The young couple turned to Dr. Falk at CHOP for advanced genetic counseling to understand their risks of passing on the disease that had killed Jeffrey’s brothers. While they did not yet know the exact genetic cause of Leigh syndrome in Michael and Chuckie, the clinical genetics team within Mitochondrial Medicine at CHOP was able to reassure them that Jeffrey’s future children were unlikely to have Leigh syndrome.
While there are many genetic modes of inheritance for Leigh syndrome, if Jeffrey’s brothers had a mitochondrial DNA disorder, than Jeffrey (a male) could not pass it on. Other inheritance patterns for Leigh syndrome — autosomal dominant or X-linked — were possible, but unlikely given that Jeffrey was healthy. The most likely cause was an autosomal recessive condition, meaning that even if Jeffrey was an unaffected carrier of the gene mutation, it was extraordinarily unlikely his children would also inherit a mutation in the same causal gene from their mother that would be required for them to have a 25% chance of being affected.

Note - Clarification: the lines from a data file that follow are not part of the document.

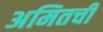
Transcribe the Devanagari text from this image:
अमितची
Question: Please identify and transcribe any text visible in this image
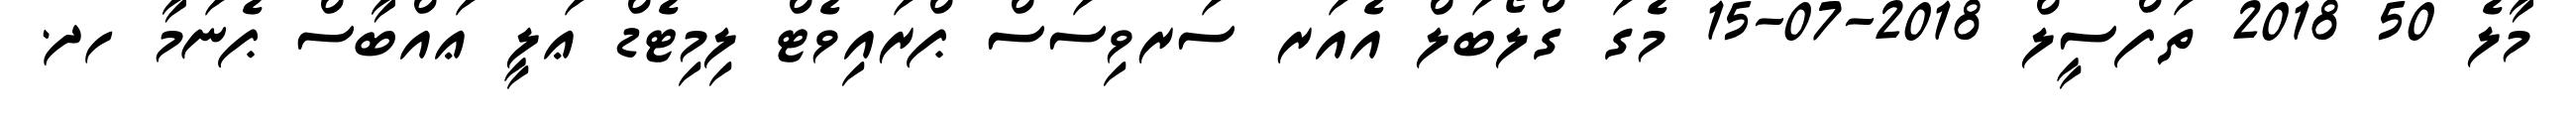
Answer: މާލެ 50 2018 ތަފްސީލް 2018-07-15 މެގަ ގްލޯބަލް އެއަރ ސަރވިސަސް ޕްރައިވެޓް ލިމިޓެޑް ޢަލީ ޢައްބާސް ޕެނަމާ ހދ.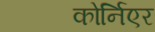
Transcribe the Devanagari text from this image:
कोर्निएर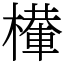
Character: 檋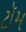
ટૉમ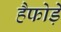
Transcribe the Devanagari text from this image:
हैफोड़े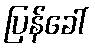
ပြန်ခေါ်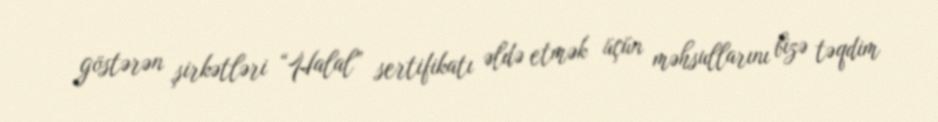
göstərən şirkətləri “Halal” sertifikatı əldə etmək üçün məhsullarını bizə təqdim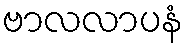
ဗာလလာပနံ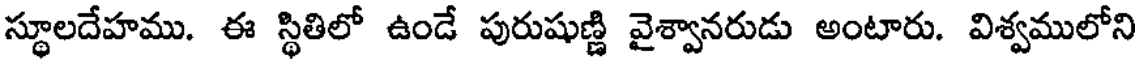
స్థూలదేహము. ఈ స్థితిలో ఉండే పురుషుణ్ణి వైశ్వానరుడు అంటారు. విశ్వములోని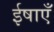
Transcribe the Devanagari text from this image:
ईषाएँ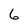
Character: 6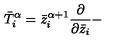
\bar { T } _ { i } ^ { \alpha } = \bar { z } _ { i } ^ { \alpha + 1 } { \frac { \partial } { \partial \bar { z } _ { i } } } -

The family was thankful for this clinical guidance, and based on this knowledge, Jeffrey and Rachel chose to begin their family. The couple’s two sons, Asher and Parker, now 11 and 6, show no signs of the disorder.
Unlocking the mystery
The young couple’s desire for answers prompted CHOP researchers and clinicians to take a fresh look at Chuckie and Michael’s DNA with a new lens. In the 30-plus years since the boys’ deaths, scientific knowledge about genetic, metabolic and mitochondrial disorders had expanded many-fold. Today, disease-causing mutations in nearly 100 different genes have been causally linked to Leigh syndrome.
In 2018, Dr. Falk called Marsha Barnett to ask about Chuckie’s and Michael’s specific symptoms. Dr. Falk was leading a research team that identified a candidate mutation in the gene USMG5 (now known as ATP5MD) in DNA from one of the Barnett brothers’ muscle tissue that had been frozen for three decades in Dr. Wallace’s research laboratory. This same mutation was simultaneously identified by Dr. Falk in another CHOP Leigh syndrome patient, and ultimately found in a fourth child as well.

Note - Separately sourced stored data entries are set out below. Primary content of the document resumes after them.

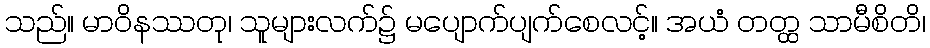
သည်။ မာဝိနဿတု၊ သူများလက်၌ မပျောက်ပျက်စေလင့်။ အယံ တတ္ထ သာမီစိတိ၊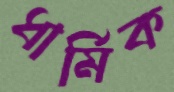
ধার্মিক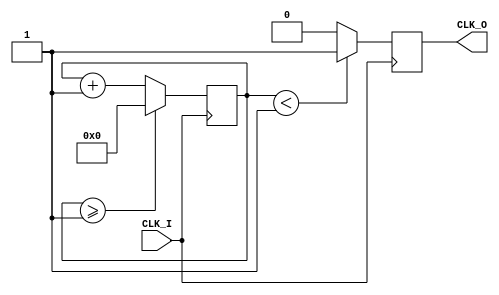
`timescale 1ns / 1ps
//////////////////////////////////////////////////////////////////////////////////
// Company: ash
// 
// Design Name: 
// Module Name: clock_divider
// Project Name: 
// Target Devices: 
// Tool Versions: 
// Description: 
// 
// Dependencies: 
// 
// Revision:
// Revision 0.01 - File Created
// Additional Comments:
// 
//////////////////////////////////////////////////////////////////////////////////


module clock_divider(
    input CLK_I,
    output reg CLK_O
    );
    reg[27:0] cnt=28'd0;
    parameter DIVISOR = 28'd2;

    always @(posedge CLK_I)
    begin
        cnt <= cnt + 28'd1;   
        if(cnt >= ( DIVISOR-1 ) ) 
            cnt <= 28'd0;       
        CLK_O <= ( cnt < DIVISOR >> 1 )? 1'b1 : 1'b0;  
    end

endmodule

The mutation was present on both copies of each child’s USMG5 gene, consistent with Dr. Falk’s suspicion that they had an autosomal recessive genetic disorder. This gene makes an essential protein in the ATP synthase enzyme that generates cellular energy. Its dysfunction could well have caused the rapid deterioration the Barnetts witnessed in their children.
After extensive further studies to validate the mitochondrial dysfunction caused by this mutation, the research team conclusively linked the newly-identified gene mutation to Leigh syndrome.
This major breakthrough provided an answer to the Barnetts’ mystery of nearly 40 years. Instead of simply being content to finally have a reason for their family’s struggle, the Barnetts looked at this identification as a milestone in their journey — one that was the perfect springboard to formalize the family’s ongoing philanthropic partnership with CHOP.
After discussion with the Mitochondrial Medicine team and CHOP’s Foundation, the family pledged $2 million to CHOP to establish the Barnett Family Mitochondrial Medicine Research Endowment. The permanent fund will advance mitochondrial disease research, support the work of Dr. Falk and Dr. Wallace, and forever link the Barnett family with mitochondrial medicine.
“The things that Doug (Wallace) and Marni (Falk) and CHOP do seem like quantifiable magic,” says Jeffrey Barnett, now 42. “Instead of merely saying thank you, my parents are fueling this research that will help the next generation of researchers to continue discovering more to help real families — like mine — find answers.”